The domain of fitting of noisy data is quite rich, be prepared to invest some serious time & effort. I myself am out of form in this, but in the past I used various statistical fitting methods as well as Fourier transform (FFT). Wikipedia is a good start

• If you fit a polynomial of order k to the data, you are assuming that the underlying market moves in this fashion. why should the market move in this fashion. it won’t. at least not over longer periods of time. you may want to just use linear, quadratic, or perhaps cubic forecasts for the next time step to get some direction which way things would go but not much more than that. also, why would you want to use 20 price points for fitting, why not 10 or 30 or a variable lookback period.

• I expect that your points will be modelled by a trend plus a noise.
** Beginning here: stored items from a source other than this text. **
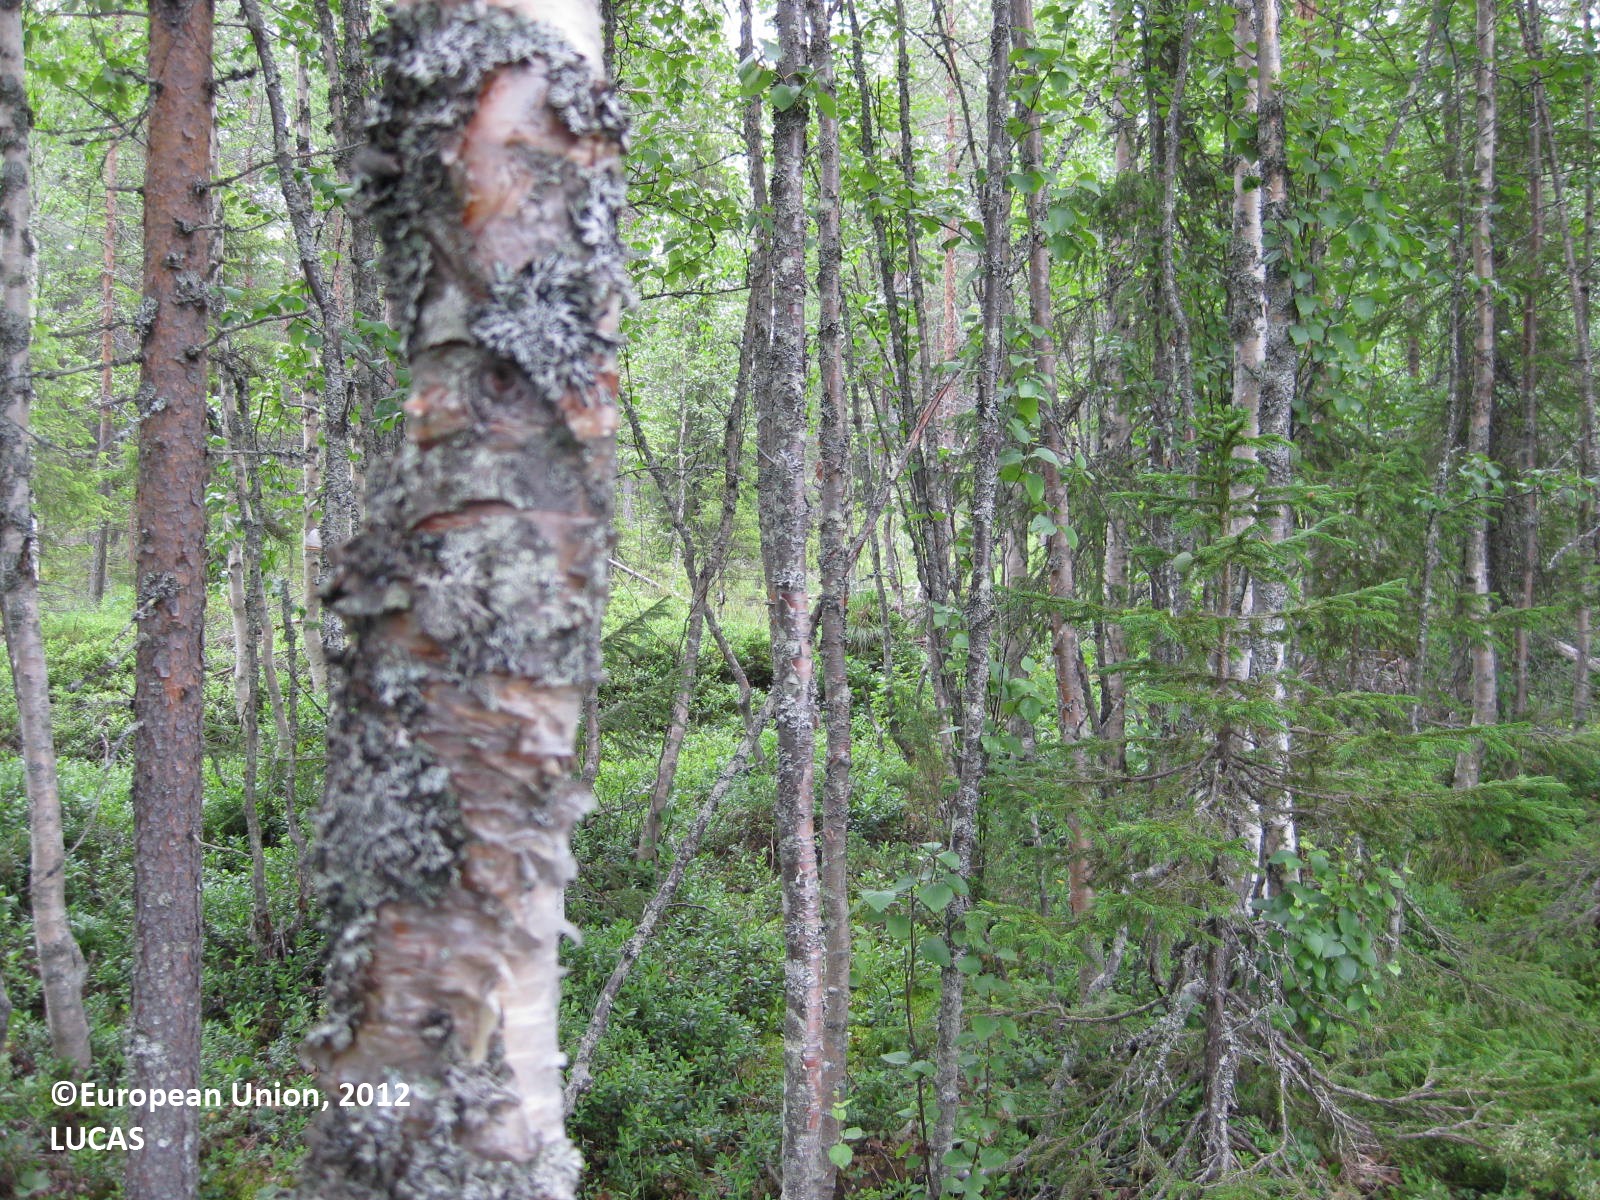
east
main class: Woodland
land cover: Pine dominated mixed woodland
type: boreal forest
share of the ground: > 75 %
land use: Forestry
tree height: > 5 m
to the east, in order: Pine dominated mixed woodland; Other coniferous woodland; Pine dominated mixed woodland; Pine dominated coniferous woodland; Ponds and wetlands; Pine dominated coniferous woodland; Ponds and wetlands; Pine dominated coniferous woodland; Ponds and wetlands; Pine dominated coniferous woodland; Other coniferous woodland; Pine dominated mixed woodland
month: July
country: FI
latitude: 65.9063
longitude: 29.6707
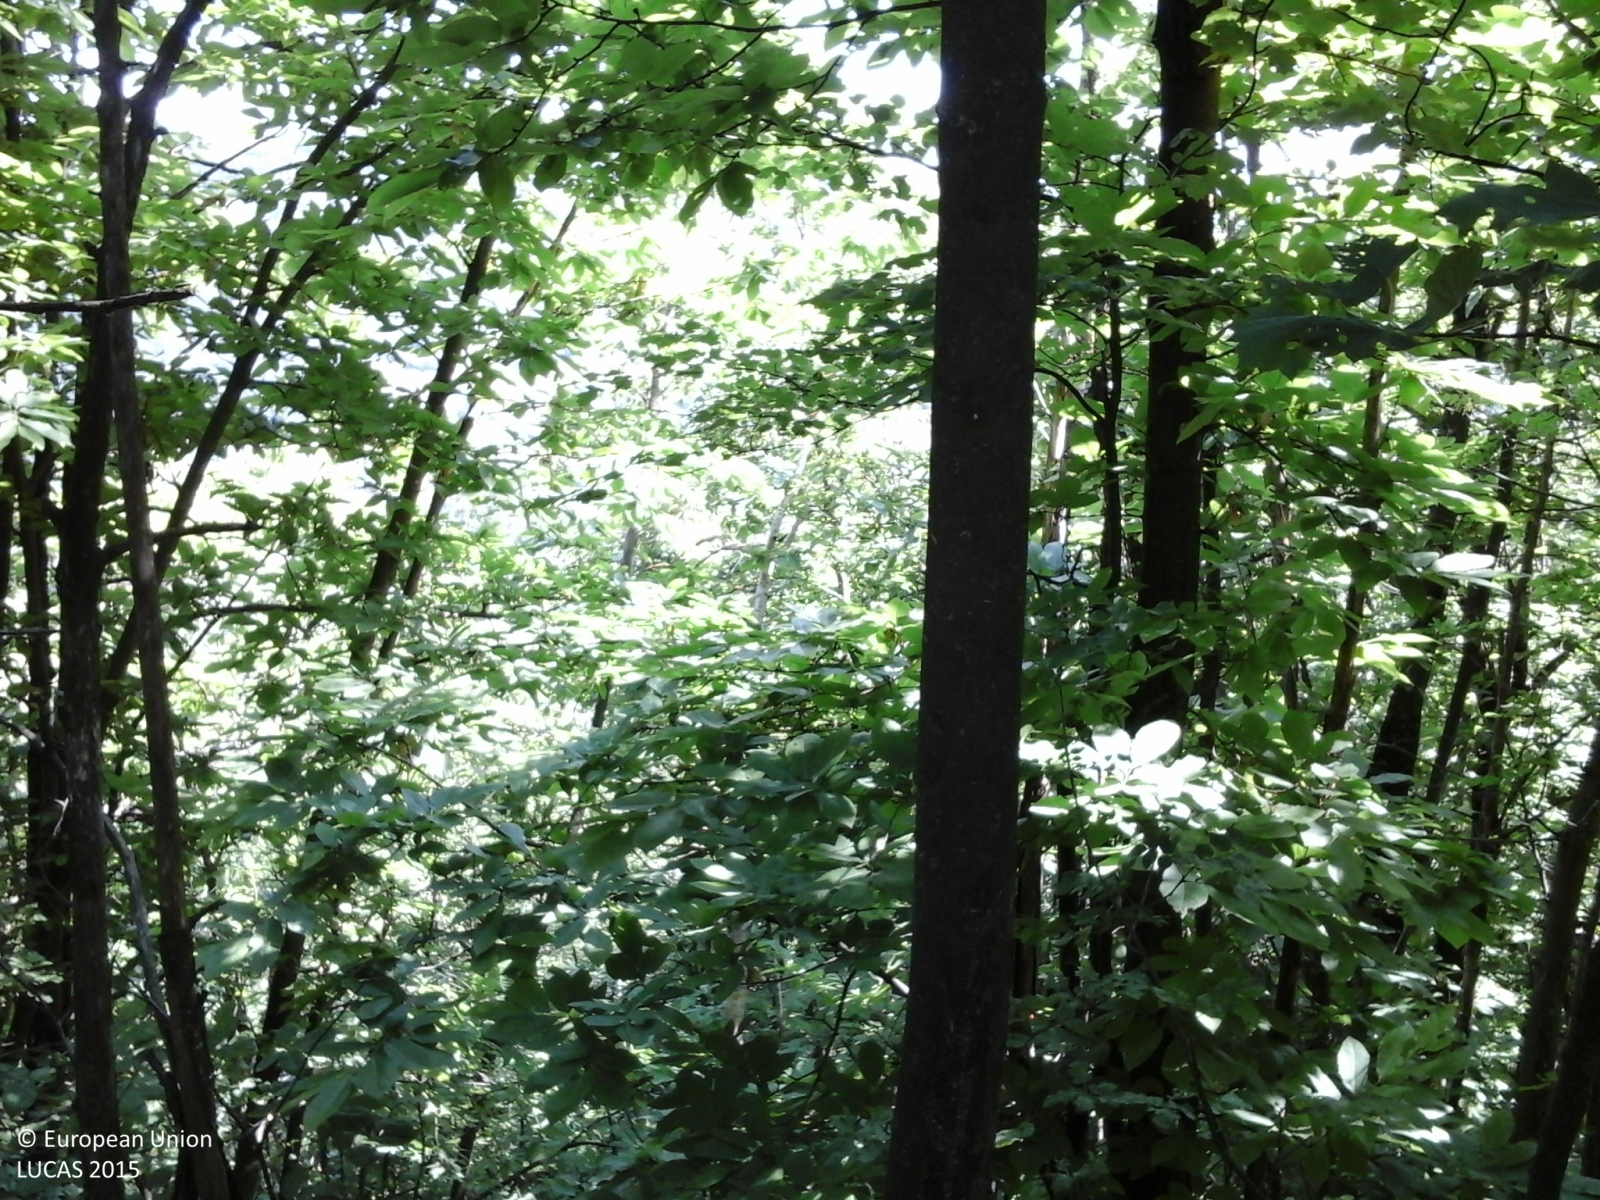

By its nature it is not possible to forecast noise, expecially with a polynomial because of the oscillating nature of this kind of interpolation. Instead I think you can try to guess the future trend – average value – by using a smoothing function. Fft others have mentioned is one powerful way to do it – thats filtering out high frequency noise exactly. The point is that predictions will not always be correct because of the noise, but if you are performing correct predictions *on average*, by betting on many of them you will be winning on average.

think you can try to use Genetic Algorithms (GA), see polynomial chromosome. The advantage of GA is that it will find a sollution to your problem, but then you will have to interpret the result, in order to know WHY. It works great when you have complex data, where the conventional methods do not work.

Hope it helps. By the way, if you google for Polynomial GA, you will find many resources, however, the implementation of a Polynomial GA is trivial.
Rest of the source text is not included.